The values $0$ or  $\pi$  $(180^{\circ})$  are possible for the phase function.
${R(f)}$  only has zeros at all multiples of   $100 \,\text{Hz}$ auf..

4

Welche Aussagen sind hinsichtlich der Spektralfunktion  ${D(f)}$  zutreffend?

The spectral value at frequency  $f = 0$  is equal to  ${X(f = 0)}$.
The values $0$ or  $\pi$  $(180^{\circ})$  are possible for the phase function.
${D(f)}$  only has zeros at all multiples of   $100 \,\text{Hz}$ auf.


Solution

(1)  The equivalent pulse duration is  $\Delta t = t_1 + t_2 \;\underline{= 10 \,\text{ms}}$  and the rolloff factor  $r_t = 2/10 \;\underline{= 0.2}$.

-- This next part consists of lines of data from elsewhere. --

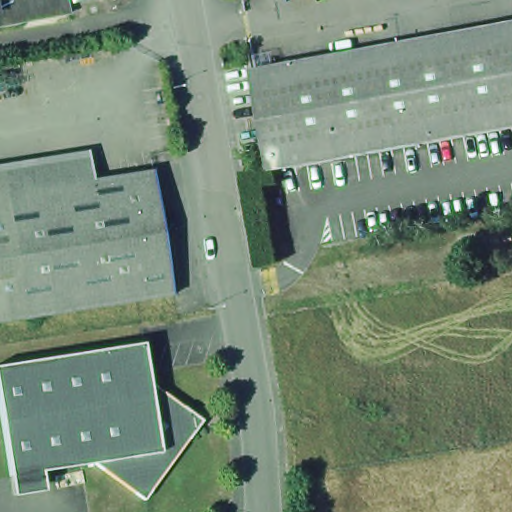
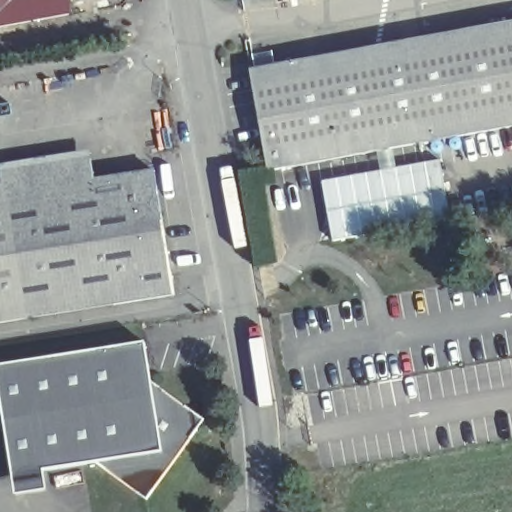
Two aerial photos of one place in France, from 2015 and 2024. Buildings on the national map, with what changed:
unchanged [(2,8),(0,8),(0,0),(10,0),(10,1),(2,8)]
unchanged [(0,25),(0,8),(2,8),(10,1),(10,0),(66,0),(68,13),(0,25)]
unchanged [(251,69),(512,22),(512,126),(270,169),(251,69)]
unchanged [(0,167),(88,154),(92,183),(1,197),(0,198),(0,167)]
new [(441,162),(452,219),(329,240),(319,183),(441,162)]
unchanged [(92,183),(150,174),(169,295),(22,318),(1,197),(92,183)]
unchanged [(22,318),(0,322),(0,198),(1,197),(22,318)]
unchanged [(198,427),(146,494),(97,457),(58,464),(49,414),(39,356),(150,339),(153,378),(197,405),(198,427)]
unchanged [(16,470),(0,365),(0,362),(39,356),(49,414),(58,464),(45,465),(48,485),(19,489),(16,470)]

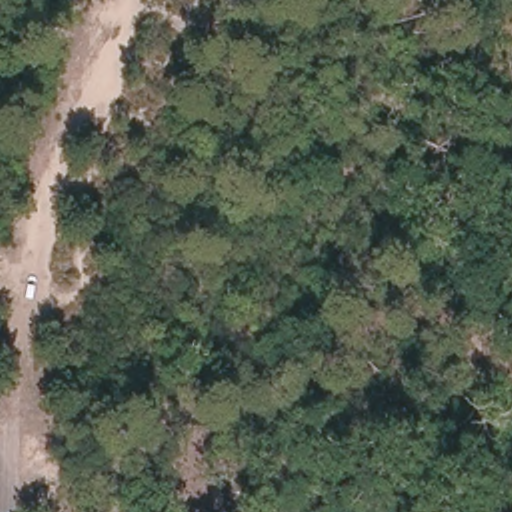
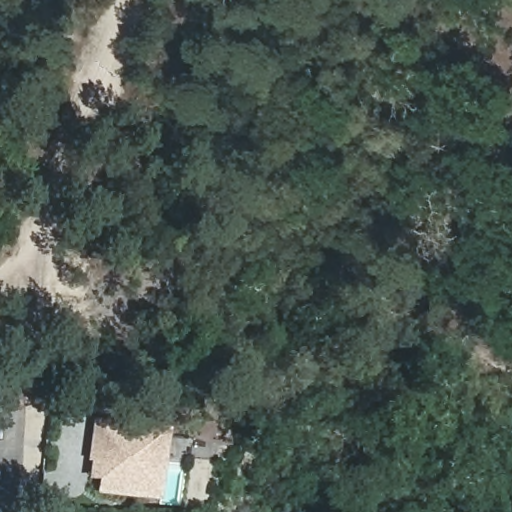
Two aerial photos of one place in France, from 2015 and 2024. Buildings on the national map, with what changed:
new [(93,428),(149,436),(158,437),(149,500),(140,499),(95,493),(96,481),(85,479),(88,461),(93,428)]

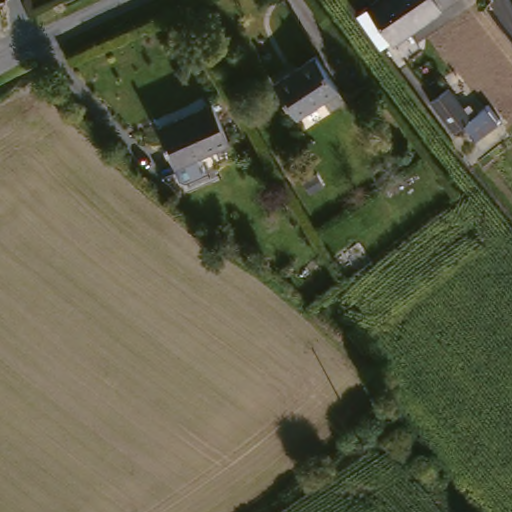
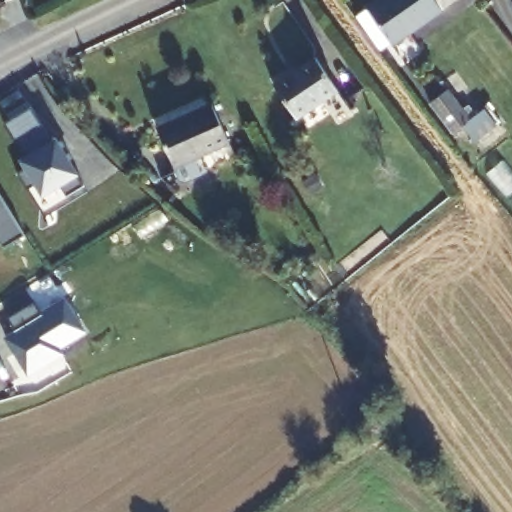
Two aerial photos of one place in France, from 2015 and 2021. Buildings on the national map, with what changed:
unchanged [(361,15),(383,0),(451,0),(453,4),(385,50),(361,15)]
unchanged [(512,0),(512,2),(511,0),(512,0)]
unchanged [(275,85),(315,57),(337,91),(295,120),(275,85)]
unchanged [(467,133),(462,127),(453,134),(429,104),(447,90),(475,126),(467,133)]
unchanged [(156,129),(212,104),(229,143),(174,167),(156,129)]
new [(19,158),(56,135),(79,172),(83,182),(66,193),(62,184),(42,195),(33,180),(27,187),(18,171),(23,165),(19,158)]
new [(24,231),(1,245),(0,244),(0,191),(24,231)]

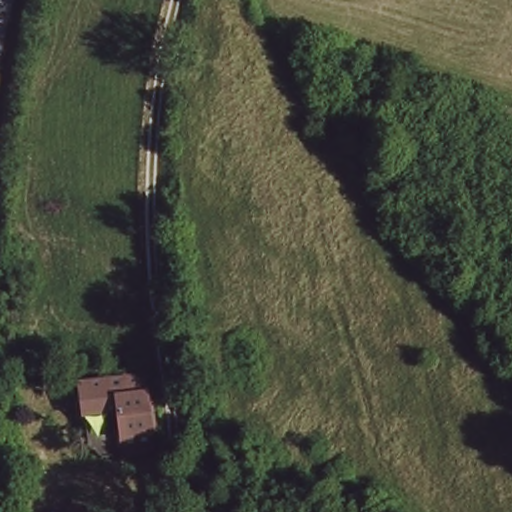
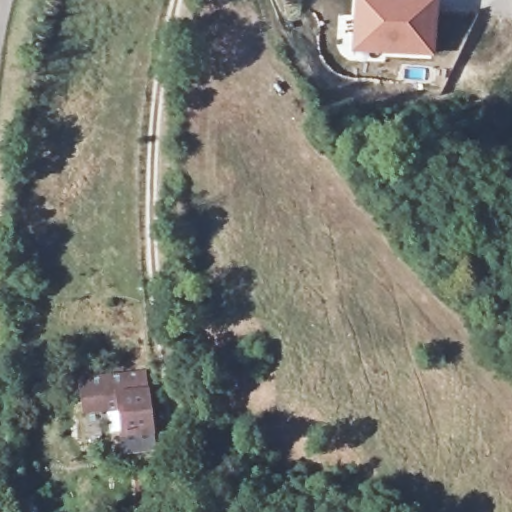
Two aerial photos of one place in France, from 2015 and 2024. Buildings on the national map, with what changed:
new [(438,0),(434,57),(347,54),(352,0),(438,0)]
unchanged [(140,366),(150,440),(120,444),(113,399),(79,404),(76,373),(140,366)]

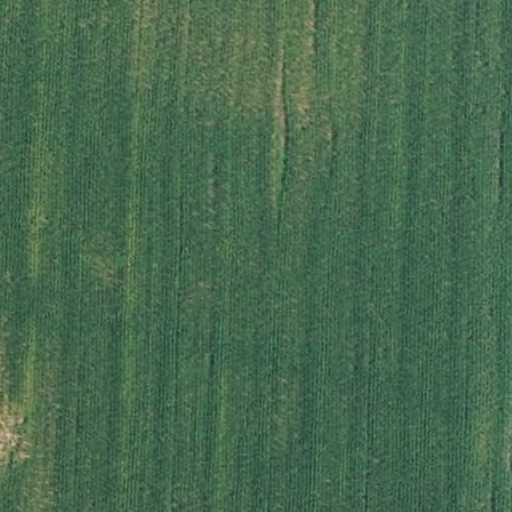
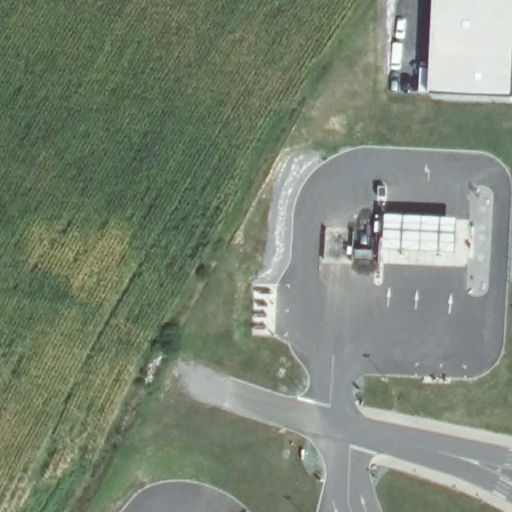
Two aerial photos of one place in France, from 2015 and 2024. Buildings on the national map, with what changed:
new [(435,0),(512,0),(512,97),(430,93),(435,0)]
new [(459,219),(458,254),(386,250),(387,214),(459,219)]

(2)  Proposed solutions 2 and 3 are correct:

  • The spectral value at  $f = 0$  is  $A \cdot \Delta t = 10 \,\text{mV/Hz}$.
  • Since  ${X(f)}$  is real and can assume both positive and negative values, only the two phase values  $0$  und  $\pi$  are possible.
  • Zeros exist due to the first si-function at all multiples of  $1/\Delta t = 100\, \text{Hz}$.
  • The second si function leads to zero crossings at intervals of  $1/(r_t \cdot \Delta t) = 500 \,\text{Hz}$. These coincide exactly with the zeros of the first si-function.

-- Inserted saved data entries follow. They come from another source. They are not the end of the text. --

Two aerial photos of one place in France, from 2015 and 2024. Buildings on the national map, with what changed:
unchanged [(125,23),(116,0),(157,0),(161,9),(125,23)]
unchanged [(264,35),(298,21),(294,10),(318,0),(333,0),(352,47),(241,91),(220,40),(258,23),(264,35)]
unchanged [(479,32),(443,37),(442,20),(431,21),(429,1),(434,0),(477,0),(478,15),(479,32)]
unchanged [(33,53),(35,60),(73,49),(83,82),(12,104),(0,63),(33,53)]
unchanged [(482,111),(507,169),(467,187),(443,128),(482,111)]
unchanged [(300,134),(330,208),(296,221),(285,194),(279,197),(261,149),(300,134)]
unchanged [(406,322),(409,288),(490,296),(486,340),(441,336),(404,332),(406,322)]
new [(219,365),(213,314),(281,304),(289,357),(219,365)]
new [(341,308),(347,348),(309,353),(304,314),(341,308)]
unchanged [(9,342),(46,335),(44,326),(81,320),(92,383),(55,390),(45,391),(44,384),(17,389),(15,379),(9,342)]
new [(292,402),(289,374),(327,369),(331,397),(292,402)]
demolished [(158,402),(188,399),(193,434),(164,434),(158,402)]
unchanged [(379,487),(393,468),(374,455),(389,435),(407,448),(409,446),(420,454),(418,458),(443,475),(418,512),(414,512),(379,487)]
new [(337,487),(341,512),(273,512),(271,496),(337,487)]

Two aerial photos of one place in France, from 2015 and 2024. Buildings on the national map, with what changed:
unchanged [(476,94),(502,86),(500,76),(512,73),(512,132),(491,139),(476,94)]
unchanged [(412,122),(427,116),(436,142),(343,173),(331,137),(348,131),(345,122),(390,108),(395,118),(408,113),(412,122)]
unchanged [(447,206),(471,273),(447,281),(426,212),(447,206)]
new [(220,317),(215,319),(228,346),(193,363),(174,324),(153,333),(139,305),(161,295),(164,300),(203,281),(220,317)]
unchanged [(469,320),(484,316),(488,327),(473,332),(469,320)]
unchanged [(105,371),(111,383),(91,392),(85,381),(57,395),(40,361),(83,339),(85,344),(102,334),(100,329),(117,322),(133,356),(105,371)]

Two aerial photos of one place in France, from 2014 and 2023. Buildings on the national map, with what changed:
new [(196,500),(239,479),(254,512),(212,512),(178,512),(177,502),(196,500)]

(3)  All proposed solutions are correct:

  • With the equivalent pulse duration  $\Delta t = 10 \,\text{ms}$  and the rolloff factor  $r_t = 0$  one obtains:   $R( f ) = A \cdot \Delta t \cdot {\mathop{\rm si}\nolimits} ( {{\rm{\pi }} \cdot \Delta t \cdot f} ).$
  • It follows that  $R( f = 0) = A \cdot \Delta t = X( f = 0).$


(4)  Proposed solutions 2 and 3 are correct:

  • For the triangular pulse, the rolloff factor is  $r_t = 1$.
  • The equivalent pulse duration is  $\Delta t = 10 \,\text{ms}$. It follows that   $D( f ) = A \cdot \Delta t \cdot {\mathop{\rm si}\nolimits} ^2 ( {{\rm{\pi }} \cdot \Delta t \cdot f} )$  and  $D( f = 0) = A \cdot \Delta t = X( f = 0)$.
  • Since  ${D(f)}$  cannot become negative, the phase  $[{\rm arc} \; {D(f)}]$  is always zero. The phase value  $\pi$  $(180°)$  is therefore not possible with the triangular form.